Only if I apply the dof "offline" (your "or"-case) do I get what I need:

$ transform-image t2.nii.gz trans-t2-t1.nii.gz -dofin t2-t1.dof.gz -target t1.nii.gz
$ evaluate-similarity t1.nii.gz trans-t2-t1.nii.gz -v
Similarity of target image t1 and source image trans-t2-t1:

  No. of samples                = 9.8304e+06
  No. of histogram bins         = 256 x 256
  Size of histogram bins        = 13.715 x 7.0271
  Mean target intensity         = 273.35
  Mean source intensity         = 140.94
  Target image range            = [0, 3511]
  Source image range            = [0, 1798.9]
  Target image variance         = 1.5348e+05
  Source image variance         = 44601
  Target image entropy          = 2.6967
  Source image entropy          = 2.5187
  Sum of squared differences    = 0.0065408
  Peak signal-to-noise ratio    = 21.844
  Covariance                    = 67541
  Normalized cross-correlation  = 0.66862
  Joint entropy                 = 4.6276
  Mutual information            = 0.58786
  Normalized mutual information = 1.127
  Correlation ratio C(X|Y)      = 0.71127
  Correlation ratio C(Y|X)      = 0.70786

Have I still misunderstood?

schuhschuh commented 4 years ago

These two commands should work as expected and give the same result. I can reproduce the issue and should have a fix soon.

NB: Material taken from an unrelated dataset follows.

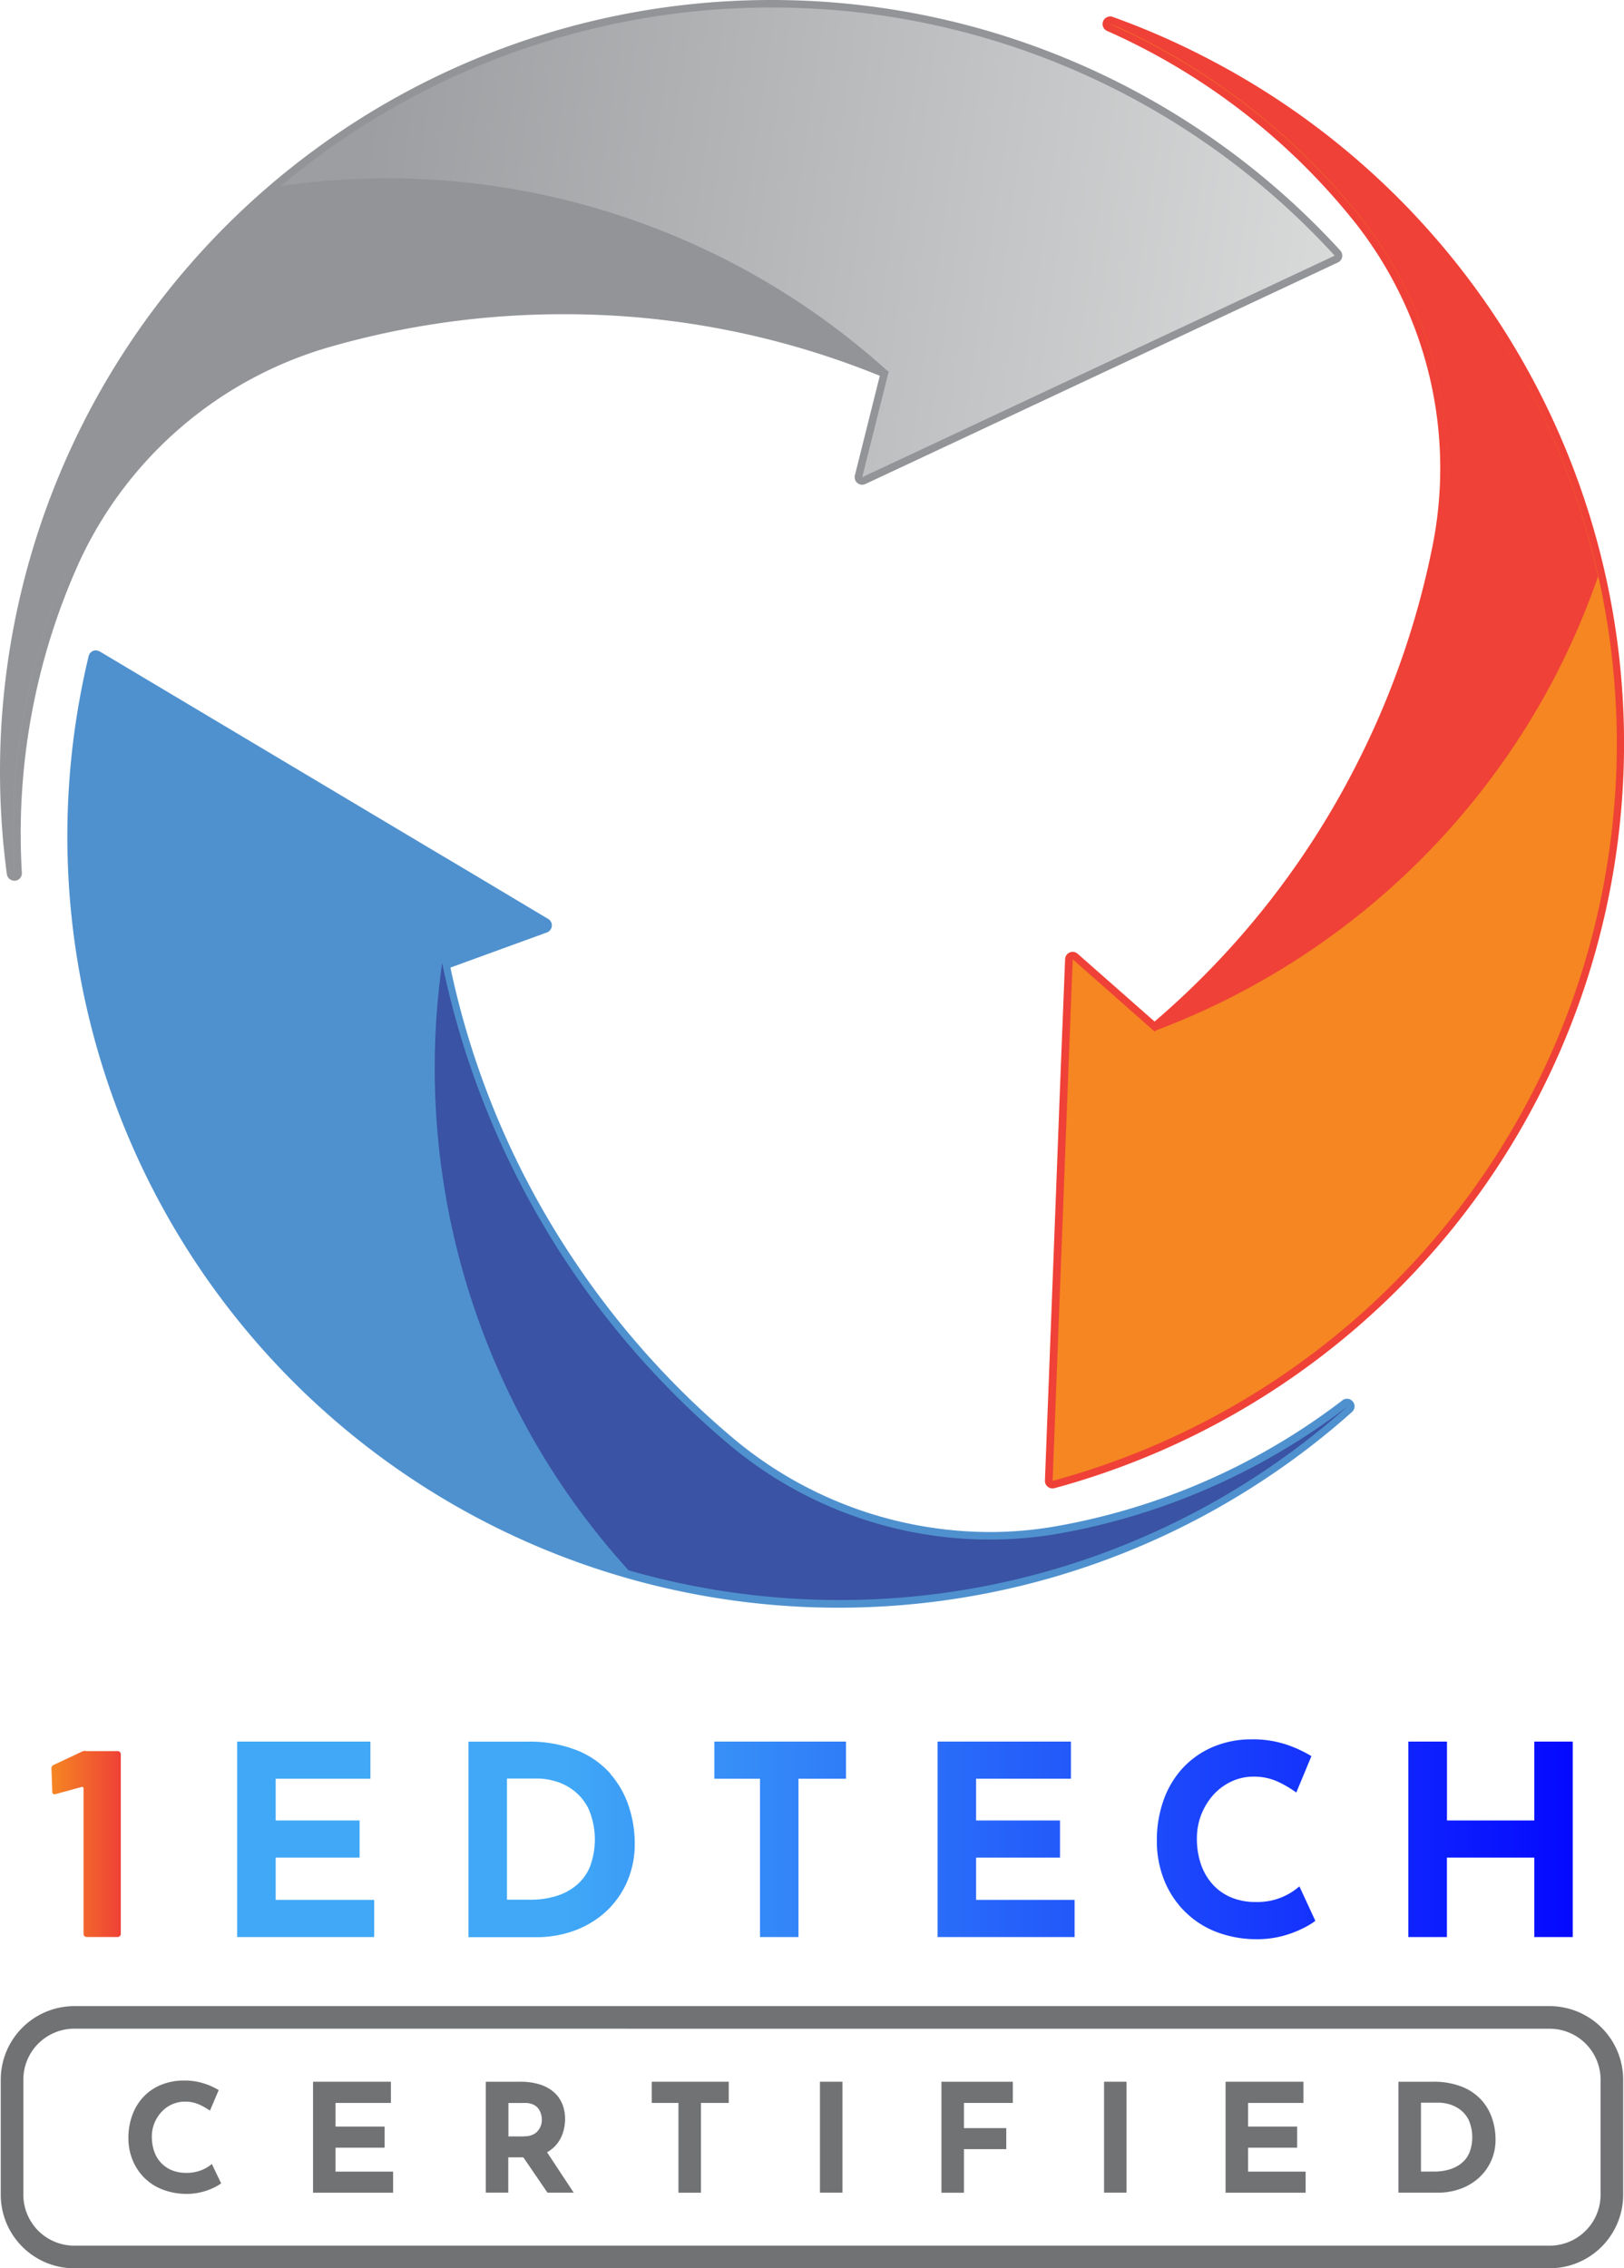 <svg data-name="Ed Tech - Logo" xmlns="http://www.w3.org/2000/svg" xmlns:xlink="http://www.w3.org/1999/xlink" width="86.665" height="121"><defs><linearGradient id="b" x1="-.005" y1=".471" x2=".969" y2=".563" gradientUnits="objectBoundingBox"><stop offset=".25" stop-color="#9c9ea1"/><stop offset="1" stop-color="#d8d9d9"/></linearGradient><linearGradient id="c" x1="-6.627" y1="-1.65" x2="-4.354" y2="-1.595" gradientUnits="objectBoundingBox"><stop offset=".25" stop-color="#ef4137"/><stop offset="1" stop-color="#f58622"/></linearGradient><linearGradient id="d" x1="-2.983" y1="3.777" x2="-1.968" y2="3.862" gradientUnits="objectBoundingBox"><stop offset=".25" stop-color="#3a53a4"/><stop offset="1" stop-color="#4f91ce"/></linearGradient><linearGradient id="e" x1="-.001" y1=".5" x2=".999" y2=".5" gradientUnits="objectBoundingBox"><stop offset="0" stop-color="#f58622"/><stop offset="1" stop-color="#ef4137"/></linearGradient><linearGradient id="a" x1="-.093" y1=".5" x2="9.841" y2=".5" gradientUnits="objectBoundingBox"><stop offset=".25" stop-color="#40a8f6"/><stop offset="1" stop-color="#0407ff"/></linearGradient><linearGradient id="f" x1="-1.469" y1=".5" x2="6.72" y2=".5" xlink:href="#a"/><linearGradient id="g" x1="-3.721" y1=".5" x2="6.617" y2=".5" xlink:href="#a"/><linearGradient id="h" x1="-5.206" y1=".5" x2="4.729" y2=".5" xlink:href="#a"/><linearGradient id="i" x1="-5.881" y1=".501" x2="2.704" y2=".501" xlink:href="#a"/><linearGradient id="j" x1="-7.204" y1=".5" x2="1.078" y2=".5" xlink:href="#a"/></defs><path data-name="Path 3336" d="M1.063 47.078a.2.2 0 0 1-.2-.173 41.061 41.061 0 0 1 3.13-22.01A41.011 41.011 0 0 1 41.459.5a40.917 40.917 0 0 1 30.215 13.3.2.2 0 0 1-.064.318l-13.441 6.3-6.845 3.212-4.924 2.306a.2.2 0 0 1-.213-.024.207.207 0 0 1-.068-.2l1.375-5.479a45.376 45.376 0 0 0-29.423-1.672 21.37 21.37 0 0 0-13.747 11.7 35.315 35.315 0 0 0-3.055 16.6.2.2 0 0 1-.177.217h-.029Z" transform="translate(-.299 -.299)" fill="url(#b)"/><path data-name="Path 3337" d="M41.16.4a40.7 40.7 0 0 1 30.066 13.238l-13.441 6.3-5.165 2.423-1.68.788-4.928 2.307 1.415-5.647a45.582 45.582 0 0 0-29.717-1.745A21.627 21.627 0 0 0 3.835 29.881a35.558 35.558 0 0 0-3.071 16.7A40.119 40.119 0 0 1 .4 41.164 40.769 40.769 0 0 1 41.16.4m0-.4A41.156 41.156 0 0 0 .366 46.631a.406.406 0 0 0 .4.35h.046a.4.4 0 0 0 .354-.438A35.136 35.136 0 0 1 4.2 30.046a21.166 21.166 0 0 1 13.618-11.6 45.072 45.072 0 0 1 12.243-1.684 44.615 44.615 0 0 1 16.89 3.284l-1.33 5.31a.4.4 0 0 0 .39.5.411.411 0 0 0 .169-.036l4.928-2.307 1.68-.788 5.17-2.425L71.4 14a.415.415 0 0 0 .225-.285.409.409 0 0 0-.1-.35A41.111 41.111 0 0 0 41.168 0Z" fill="#929497"/><path data-name="Path 3338" d="M47.407 19.828a45.582 45.582 0 0 0-29.716-1.744A21.627 21.627 0 0 0 3.815 29.901a35.558 35.558 0 0 0-3.071 16.7 40.119 40.119 0 0 1-.362-5.417A40.689 40.689 0 0 1 14.993 9.92a40.495 40.495 0 0 1 5.752-.41 39.882 39.882 0 0 1 26.662 10.318Z" fill="#929497"/><path data-name="Path 3339" d="M139.451 80.8a.2.2 0 0 1-.125-.044.214.214 0 0 1-.076-.165l.571-14.832.289-7.557.213-5.438a.2.2 0 0 1 .121-.177.18.18 0 0 1 .08-.016.2.2 0 0 1 .133.048l4.237 3.734a44.844 44.844 0 0 0 10.849-13.674 45.233 45.233 0 0 0 4.14-11.7A21.355 21.355 0 0 0 155.79 13.4a35.332 35.332 0 0 0-13.345-10.33.2.2 0 0 1-.113-.257.2.2 0 0 1 .189-.129.137.137 0 0 1 .068.012 41.037 41.037 0 0 1 18.12 12.883 41 41 0 0 1 4.482 44.48A40.914 40.914 0 0 1 139.507 80.8a.236.236 0 0 1-.052.008Z" transform="translate(-83.278 -1.603)" fill="url(#c)"/><path data-name="Path 3340" d="M59.24 1.278a39.981 39.981 0 0 1 4.976 2.163 40.754 40.754 0 0 1-8.043 75.555l.571-14.832.217-5.7.072-1.853.213-5.438 4.369 3.851a45.568 45.568 0 0 0 15.186-25.6 21.635 21.635 0 0 0-4.132-17.75 35.565 35.565 0 0 0-13.425-10.39m0-.406a.411.411 0 0 0-.378.261.4.4 0 0 0 .225.515 35.136 35.136 0 0 1 13.26 10.266 21.156 21.156 0 0 1 4.052 17.421 45.151 45.151 0 0 1-4.12 11.653 44.677 44.677 0 0 1-10.668 13.5l-4.108-3.618a.411.411 0 0 0-.265-.1.42.42 0 0 0-.157.032.407.407 0 0 0-.245.354l-.217 5.434-.072 1.853-.217 5.7-.571 14.832a.4.4 0 0 0 .153.33.41.41 0 0 0 .249.088.438.438 0 0 0 .1-.012 41.156 41.156 0 0 0 8.119-76.3 40.785 40.785 0 0 0-5.02-2.191.386.386 0 0 0-.133-.024Z" fill="#ef4137"/><path data-name="Path 3341" d="M61.604 54.995a45.568 45.568 0 0 0 15.186-25.6 21.635 21.635 0 0 0-4.132-17.75A35.565 35.565 0 0 0 59.232 1.254a39.982 39.982 0 0 1 4.976 2.163 40.688 40.688 0 0 1 21.074 27.329 40.585 40.585 0 0 1-2.275 5.3 39.874 39.874 0 0 1-21.4 18.952Z" fill="#ef4137"/><path data-name="Path 3342" d="M50.448 137.466a40.951 40.951 0 0 1-39.87-50.493.209.209 0 0 1 .117-.137.174.174 0 0 1 .076-.016.2.2 0 0 1 .1.028l12.746 7.6 6.5 3.871 4.671 2.79a.2.2 0 0 1-.036.362l-5.306 1.933a45.369 45.369 0 0 0 15.1 25.307 21.569 21.569 0 0 0 13.887 5.129 21.006 21.006 0 0 0 3.513-.3 35.412 35.412 0 0 0 15.459-6.765.193.193 0 0 1 .129-.044.208.208 0 0 1 .153.068.2.2 0 0 1-.02.281 41.038 41.038 0 0 1-19.989 9.735 41.1 41.1 0 0 1-7.231.643Z" transform="translate(-5.65 -51.922)" fill="url(#d)"/><path data-name="Path 3343" d="m5.125 35.095 12.746 7.6 4.9 2.922 1.6.949 4.671 2.79-5.471 1.99a45.585 45.585 0 0 0 15.2 25.6 21.785 21.785 0 0 0 14.014 5.177 21.071 21.071 0 0 0 3.545-.3 35.6 35.6 0 0 0 15.552-6.809A40.639 40.639 0 0 1 44.798 85.34 40.753 40.753 0 0 1 5.121 35.091m0-.4a.437.437 0 0 0-.157.032.4.4 0 0 0-.233.277 41.155 41.155 0 0 0 63.095 43.683 40.317 40.317 0 0 0 4.325-3.364.4.4 0 0 0 .036-.563.405.405 0 0 0-.305-.141.38.38 0 0 0-.253.092 35.161 35.161 0 0 1-15.363 6.725 20.572 20.572 0 0 1-3.477.293 21.369 21.369 0 0 1-13.755-5.081 45.154 45.154 0 0 1-8.256-9.2 44.588 44.588 0 0 1-6.741-15.829l5.145-1.873a.4.4 0 0 0 .068-.724l-4.671-2.79-1.6-.949-4.9-2.922-12.746-7.6a.414.414 0 0 0-.2-.056Z" fill="#4f91ce"/><path data-name="Path 3344" d="M23.595 51.362a45.585 45.585 0 0 0 15.2 25.6 21.627 21.627 0 0 0 17.564 4.872 35.6 35.6 0 0 0 15.552-6.809 40.767 40.767 0 0 1-19.889 9.687 40.858 40.858 0 0 1-18.478-.945 40.514 40.514 0 0 1-3.561-4.534 39.89 39.89 0 0 1-6.387-27.867Z" fill="#3a53a4"/><path data-name="Path 3345" d="M11.797 116.473a2.415 2.415 0 0 1-.37.217 3.264 3.264 0 0 1-.659.241 3.222 3.222 0 0 1-.86.1 3.574 3.574 0 0 1-1.286-.253 2.794 2.794 0 0 1-.961-.647 2.823 2.823 0 0 1-.6-.941 3.12 3.12 0 0 1-.209-1.134 3.5 3.5 0 0 1 .213-1.238 2.837 2.837 0 0 1 .6-.973 2.684 2.684 0 0 1 .941-.635 3.179 3.179 0 0 1 1.21-.225 3.315 3.315 0 0 1 1.085.161 3.909 3.909 0 0 1 .772.346l-.47 1.1a3.4 3.4 0 0 0-.551-.318 1.834 1.834 0 0 0-.792-.165 1.693 1.693 0 0 0-1.23.539 1.941 1.941 0 0 0-.386.6 1.886 1.886 0 0 0-.141.744 2.3 2.3 0 0 0 .129.78 1.656 1.656 0 0 0 .945 1 1.969 1.969 0 0 0 .76.137 2.1 2.1 0 0 0 .836-.153 1.859 1.859 0 0 0 .531-.322l.499 1.039Z" fill="#717274"/><path data-name="Path 3346" d="M16.705 111.048h4.156v1.13h-2.954v1.262h2.617v1.125h-2.617v1.278h3.071v1.125h-4.273Z" fill="#717274"/><path data-name="Path 3347" d="M27.775 111.048a3.418 3.418 0 0 1 1.017.141 2.081 2.081 0 0 1 .748.4 1.69 1.69 0 0 1 .458.627 2.077 2.077 0 0 1 .157.824 2.382 2.382 0 0 1-.113.723 1.872 1.872 0 0 1-.366.659 1.814 1.814 0 0 1-.667.478 2.571 2.571 0 0 1-1.025.181h-.86v1.881h-1.2v-5.914h1.845Zm.209 2.91a1.017 1.017 0 0 0 .454-.088.774.774 0 0 0 .285-.225.971.971 0 0 0 .149-.285.9.9 0 0 0 .044-.277 1.268 1.268 0 0 0-.028-.245.947.947 0 0 0-.121-.3.719.719 0 0 0-.277-.257 1.039 1.039 0 0 0-.5-.1h-.858v1.785h.852Zm1.125.724 1.507 2.283h-1.4l-1.539-2.251Z" fill="#717274"/><path data-name="Path 3348" d="M34.781 111.048h4.108v1.13h-1.483v4.791h-1.2v-4.791h-1.425Z" fill="#717274"/><path data-name="Path 3349" d="M43.757 111.048h1.2v5.917h-1.2Z" fill="#717274"/><path data-name="Path 3350" d="M50.24 111.048h3.81v1.13h-2.609v1.343H53.7v1.125h-2.259v2.323h-1.2v-5.921Z" fill="#717274"/><path data-name="Path 3351" d="M58.918 111.048h1.2v5.917h-1.2Z" fill="#717274"/><path data-name="Path 3352" d="M65.402 111.048h4.156v1.13h-2.954v1.262h2.617v1.125h-2.617v1.278h3.071v1.125h-4.273Z" fill="#717274"/><path data-name="Path 3353" d="M74.627 116.965v-5.917h1.821a4.116 4.116 0 0 1 1.564.265 2.824 2.824 0 0 1 1.041.707 2.789 2.789 0 0 1 .575.989 3.493 3.493 0 0 1 .181 1.1 2.708 2.708 0 0 1-.912 2.086 2.963 2.963 0 0 1-.977.571 3.466 3.466 0 0 1-1.178.2h-2.119Zm1.2-1.125h.711a2.821 2.821 0 0 0 .828-.117 1.858 1.858 0 0 0 .643-.342 1.442 1.442 0 0 0 .414-.567 2.307 2.307 0 0 0-.048-1.728 1.564 1.564 0 0 0-.478-.567 1.838 1.838 0 0 0-.583-.277 2.012 2.012 0 0 0-.506-.076h-.977v3.674Z" fill="#717274"/><path data-name="Path 3354" d="M82.698 121H3.963a3.928 3.928 0 0 1-3.923-3.924v-6.138a3.928 3.928 0 0 1 3.923-3.923h78.735a3.928 3.928 0 0 1 3.923 3.923v6.138A3.928 3.928 0 0 1 82.698 121ZM3.963 108.218a2.719 2.719 0 0 0-2.717 2.717v6.141a2.719 2.719 0 0 0 2.717 2.717h78.735a2.719 2.719 0 0 0 2.717-2.717v-6.138a2.719 2.719 0 0 0-2.717-2.717Z" fill="#717274"/><path data-name="Path 3355" d="M8.635 232.384h1.716a.165.165 0 0 1 .169.169v9.579a.165.165 0 0 1-.169.169H8.7a.165.165 0 0 1-.169-.169v-7.766a.134.134 0 0 0-.028-.056.047.047 0 0 0-.056-.016l-1.4.382-.056.016c-.084 0-.129-.052-.129-.157l-.044-1.218a.2.2 0 0 1 .129-.2l1.487-.7a.421.421 0 0 1 .213-.044Z" transform="translate(-4.073 -138.974)" fill="url(#e)"/><path data-name="Path 3356" d="M33.544 237.32h4.478v-1.982h-4.478v-2.227H38.6v-1.981h-7.11v10.427h7.31v-1.982h-5.256Z" transform="translate(-18.832 -138.227)" fill="url(#a)"/><path data-name="Path 3357" d="M69.773 232.842A4.741 4.741 0 0 0 68 231.6a6.9 6.9 0 0 0-2.677-.466H62.2v10.431h3.626a5.89 5.89 0 0 0 2.014-.346 5.075 5.075 0 0 0 1.672-1 4.792 4.792 0 0 0 1.142-1.588 5.054 5.054 0 0 0 .418-2.09 6.247 6.247 0 0 0-.314-1.941 5.017 5.017 0 0 0-.985-1.744Zm-1.073 4.924a2.62 2.62 0 0 1-.707 1 3.09 3.09 0 0 1-1.1.6 4.617 4.617 0 0 1-1.419.2h-1.22V233.1h1.672a3.54 3.54 0 0 1 .864.133 3 3 0 0 1 1 .49 2.779 2.779 0 0 1 .82 1 4.148 4.148 0 0 1 .084 3.047Z" transform="translate(-37.199 -138.227)" fill="url(#f)"/><path data-name="Path 3358" d="M94.84 233.112h2.436v8.445h2.054v-8.445h2.536v-1.982H94.84Z" transform="translate(-56.719 -138.227)" fill="url(#g)"/><path data-name="Path 3359" d="M126.534 237.32h4.478v-1.982h-4.478v-2.227h5.061v-1.981h-7.115v10.427h7.312v-1.982h-5.258Z" transform="translate(-74.445 -138.227)" fill="url(#h)"/><path data-name="Path 3360" d="M160.295 239.233a3.431 3.431 0 0 1-1.431.269 3.337 3.337 0 0 1-1.3-.241 2.793 2.793 0 0 1-.985-.687 3.115 3.115 0 0 1-.631-1.069 4.143 4.143 0 0 1-.221-1.375 3.453 3.453 0 0 1 .9-2.367 3.013 3.013 0 0 1 .965-.7 2.729 2.729 0 0 1 1.142-.249 3.038 3.038 0 0 1 1.355.289 5.98 5.98 0 0 1 .941.559l.808-1.941a6.691 6.691 0 0 0-1.318-.611 5.6 5.6 0 0 0-1.857-.285 5.236 5.236 0 0 0-2.07.4 4.722 4.722 0 0 0-1.608 1.117 4.961 4.961 0 0 0-1.033 1.716 6.344 6.344 0 0 0-.362 2.183 5.571 5.571 0 0 0 .354 2 4.973 4.973 0 0 0 1.029 1.656 4.863 4.863 0 0 0 1.644 1.142 5.922 5.922 0 0 0 2.2.446 5.33 5.33 0 0 0 1.475-.169 5.856 5.856 0 0 0 1.125-.426 4.2 4.2 0 0 0 .631-.382l-.852-1.841a3.347 3.347 0 0 1-.908.567Z" transform="translate(-91.854 -138.041)" fill="url(#i)"/><path data-name="Path 3361" d="M193.7 235.338h-4.659v-4.208h-2.061v10.427h2.058v-4.237h4.662v4.237h2.054V231.13H193.7Z" transform="translate(-111.823 -138.227)" fill="url(#j)"/></svg>

schuhschuh commented 4 years ago

This should be fixed by aafca02. Thanks for reporting!

The issue was that RegisteredImage instance source was initialized (i.e., source.Initialize called) before the input image was even read from disk. This originally was fine and saved some computation, but the latest version of RegisteredImage::Initialize will determine and store the min/max value of the input image and these would be used when interpolating the image (to clamp the output to the input range). As the input was not read yet, the stored min/max values were both zero. When no -dofin is given, the RegisteredImage simply copies the later on loaded image data upon RegisteredImage::Recompute. Hence, the issue was only encountered when using the -dofin option.